Study material =

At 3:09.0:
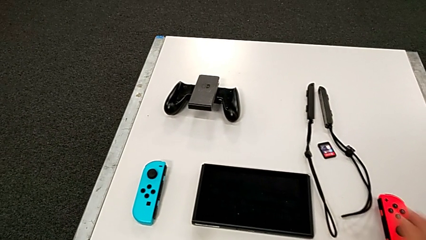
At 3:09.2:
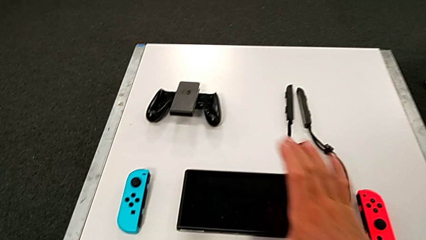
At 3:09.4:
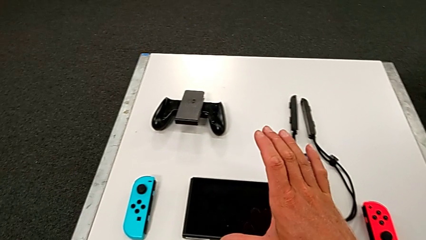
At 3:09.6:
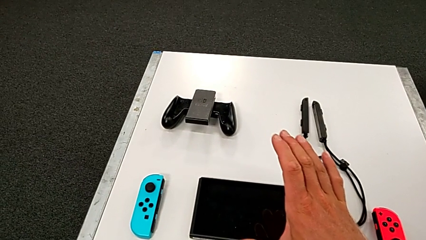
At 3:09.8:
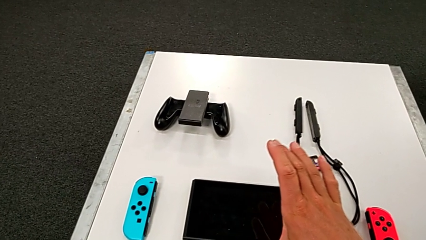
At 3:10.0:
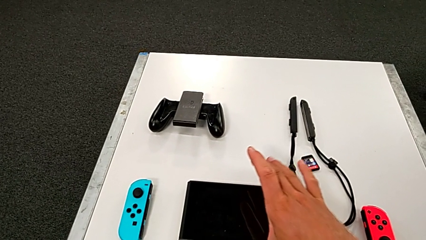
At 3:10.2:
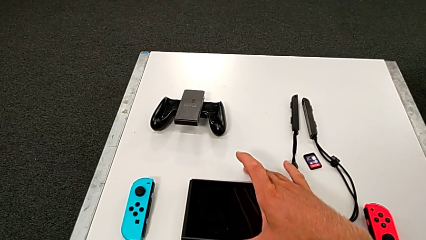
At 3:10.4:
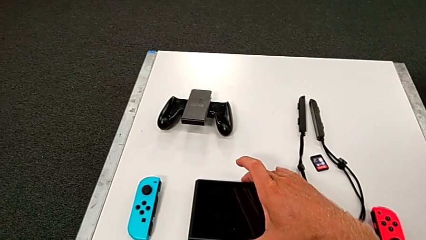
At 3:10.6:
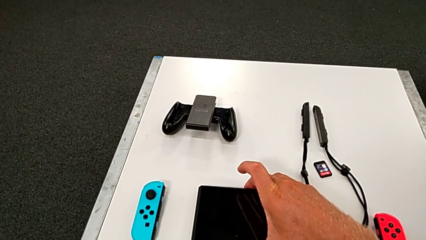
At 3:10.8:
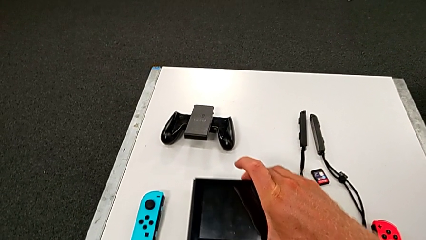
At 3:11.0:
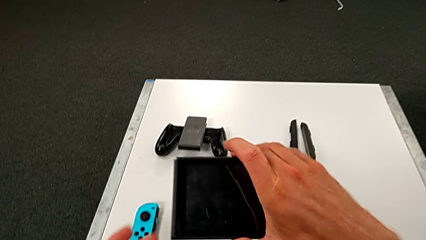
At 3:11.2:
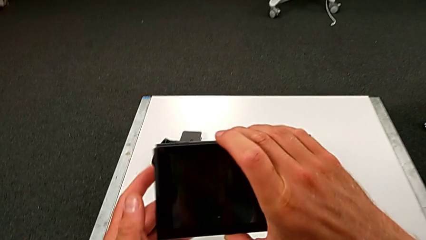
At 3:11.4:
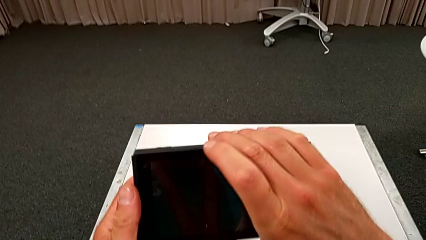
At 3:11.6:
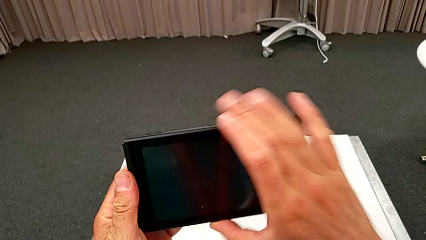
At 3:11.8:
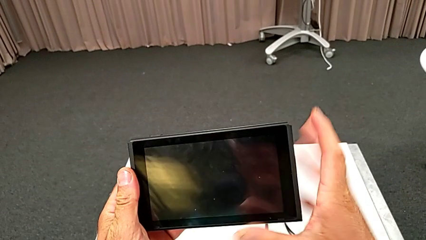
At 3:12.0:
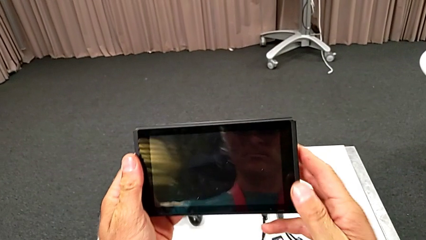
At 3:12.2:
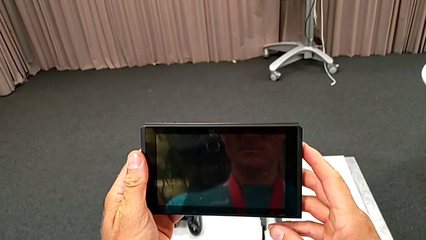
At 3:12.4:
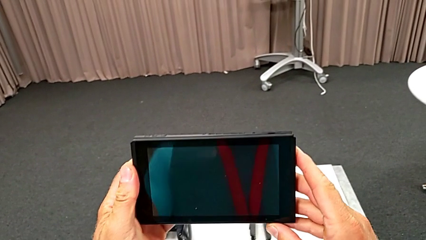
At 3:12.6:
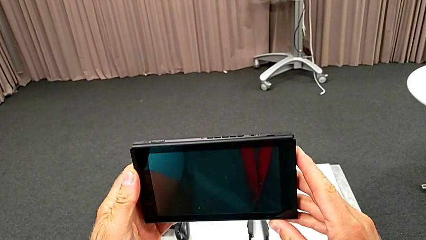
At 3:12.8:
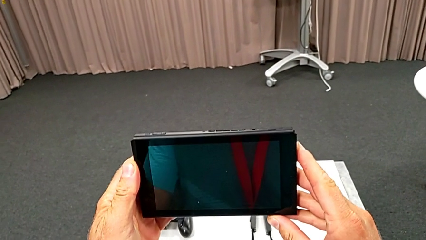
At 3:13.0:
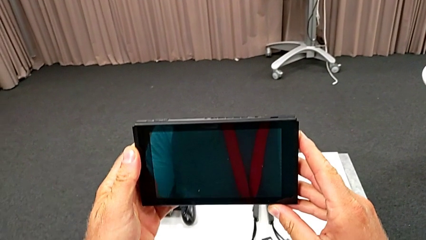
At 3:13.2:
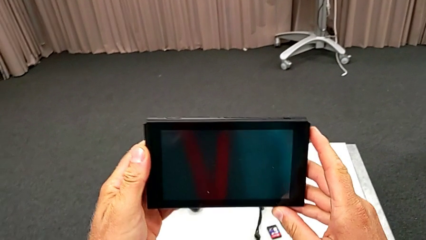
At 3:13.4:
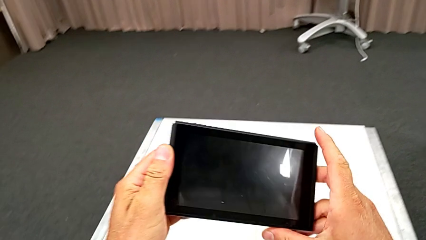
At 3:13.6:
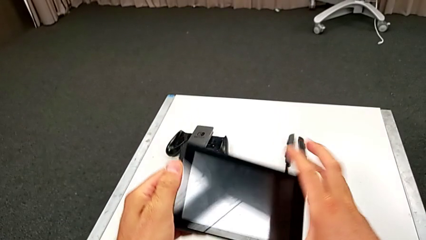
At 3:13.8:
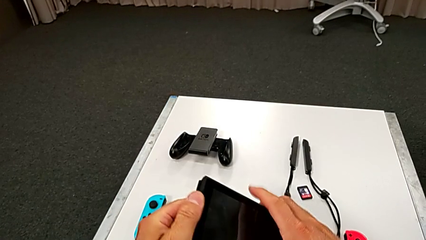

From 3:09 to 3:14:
The camera wearer is pulling out the bottom kickstand of the pad. They grab the black Nintendo Switch.

Directions =
All of the records above must be copied exactly, except for the pictures.

Solution to the exercise =
At 3:09.0:
At 3:09.2:
At 3:09.4:
At 3:09.6:
At 3:09.8:
At 3:10.0:
At 3:10.2:
At 3:10.4:
At 3:10.6:
At 3:10.8:
At 3:11.0:
At 3:11.2:
At 3:11.4:
At 3:11.6:
At 3:11.8:
At 3:12.0:
At 3:12.2:
At 3:12.4:
At 3:12.6:
At 3:12.8:
At 3:13.0:
At 3:13.2:
At 3:13.4:
At 3:13.6:
At 3:13.8:

From 3:09 to 3:14:
The camera wearer is pulling out the bottom kickstand of the pad. They grab the black Nintendo Switch.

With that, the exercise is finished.